| ACTIVITY |
Please repeat, exactly as written, the line containing "cover by kind: herbaceous plants 100 %" and every line after it through the end of the records below.

| Recorded data |
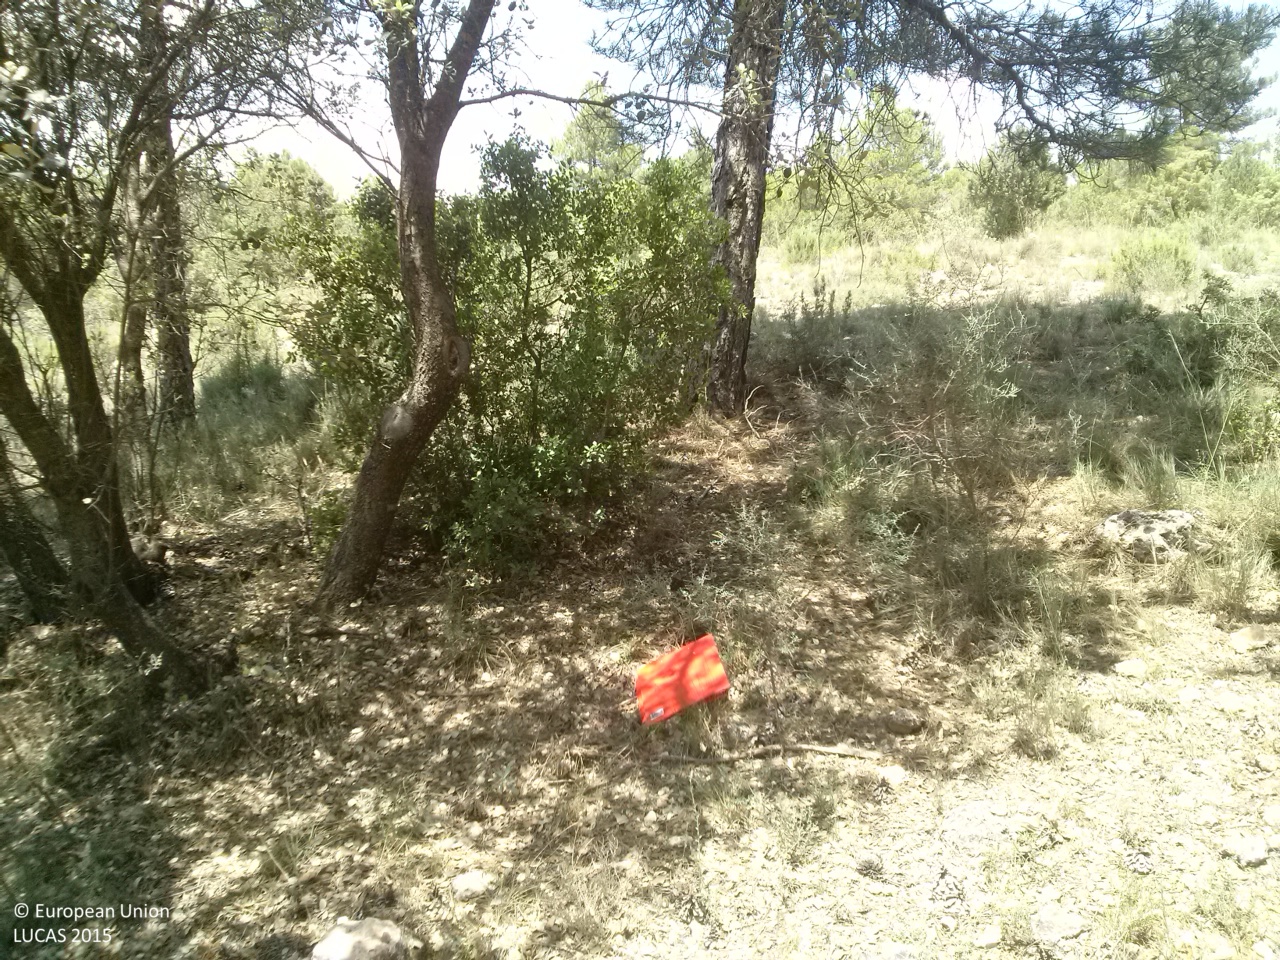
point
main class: Woodland
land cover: Other mixed woodland
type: broadleaved evergreen forest
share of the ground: 25 - 50 %
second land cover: Shrubland without tree cover
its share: 25 - 50 %
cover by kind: shrubs 30 %, coniferous forest trees 25 %, herbaceous plants 20 %, broadleaved forest trees 15 %, unconsolidated bare surface 10 %
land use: Forestry
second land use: Agriculture (excluding fallow land and kitchen gardens)
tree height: > 5 m
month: June
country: ES
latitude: 39.8803
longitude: -1.8089
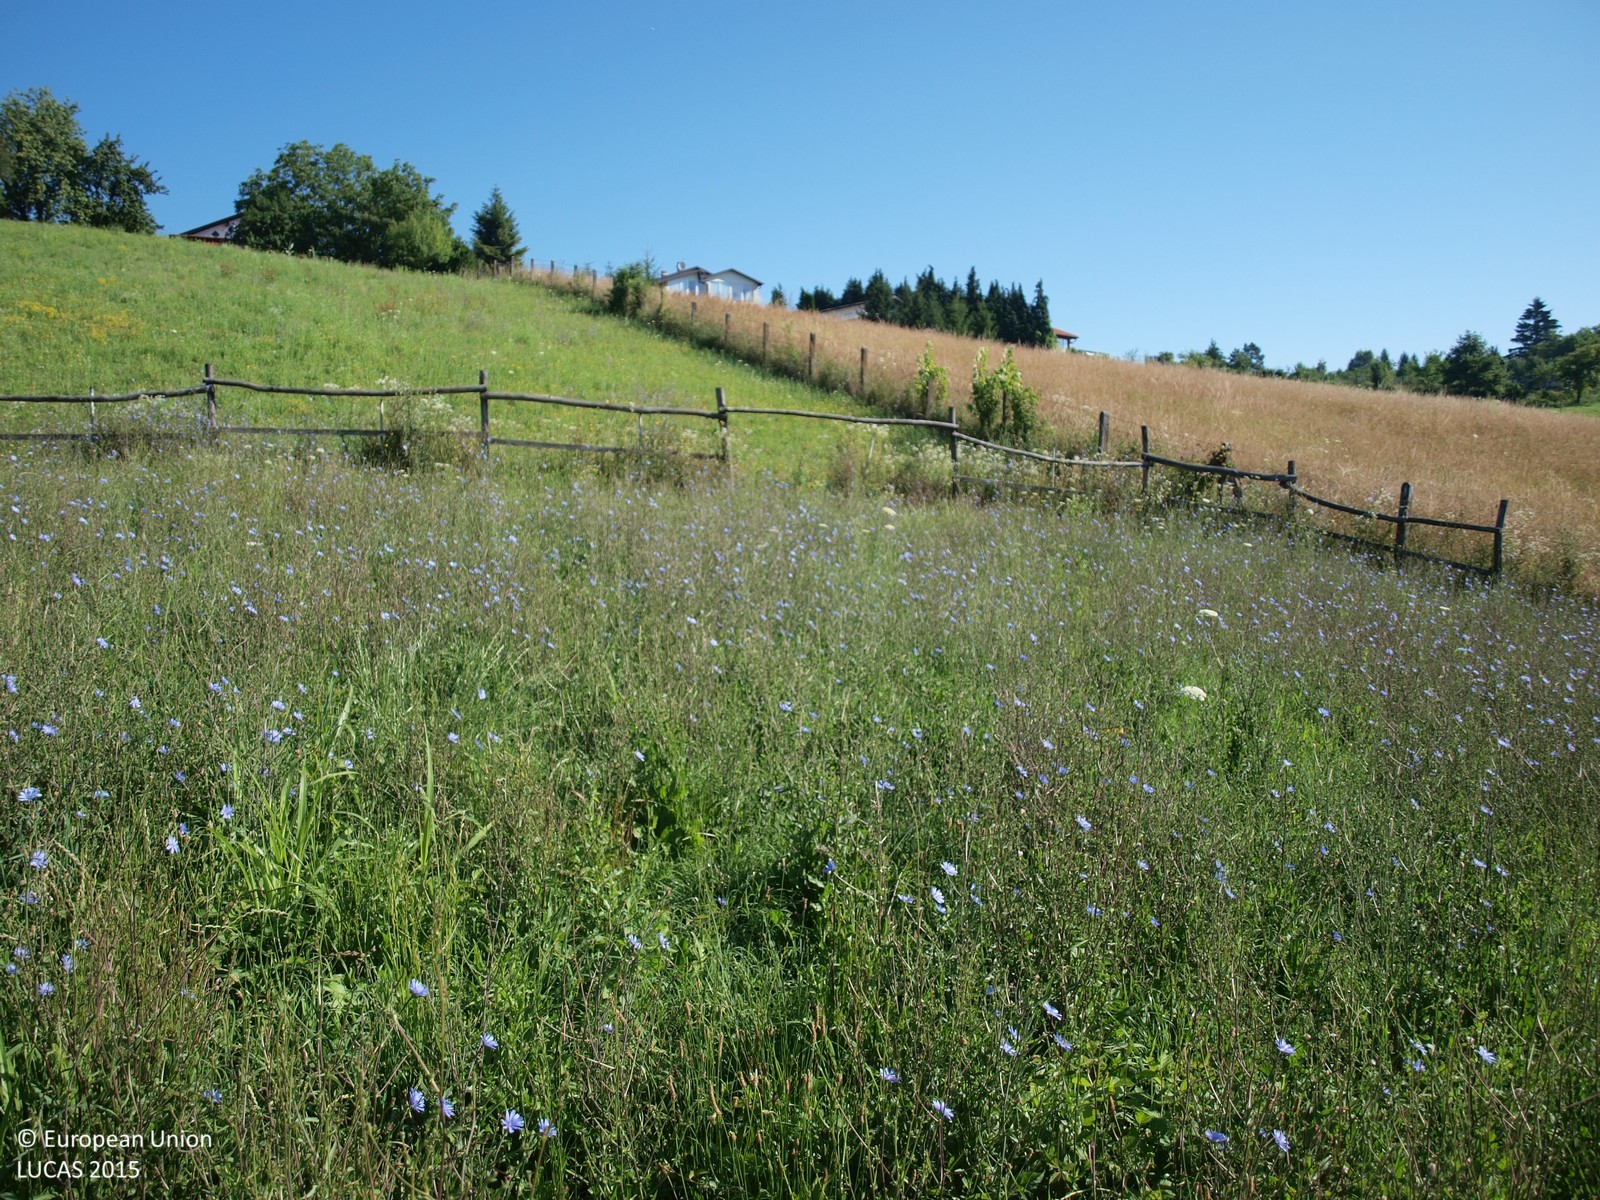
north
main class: Grassland
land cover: Grassland without tree/shrub cover
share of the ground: > 75 %
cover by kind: herbaceous plants 100 %
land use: Agriculture (excluding fallow land and kitchen gardens)
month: July
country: HR
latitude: 45.8919
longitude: 15.7067

| REPLY |
cover by kind: herbaceous plants 100 %
land use: Agriculture (excluding fallow land and kitchen gardens)
month: July
country: HR
latitude: 45.8919
longitude: 15.7067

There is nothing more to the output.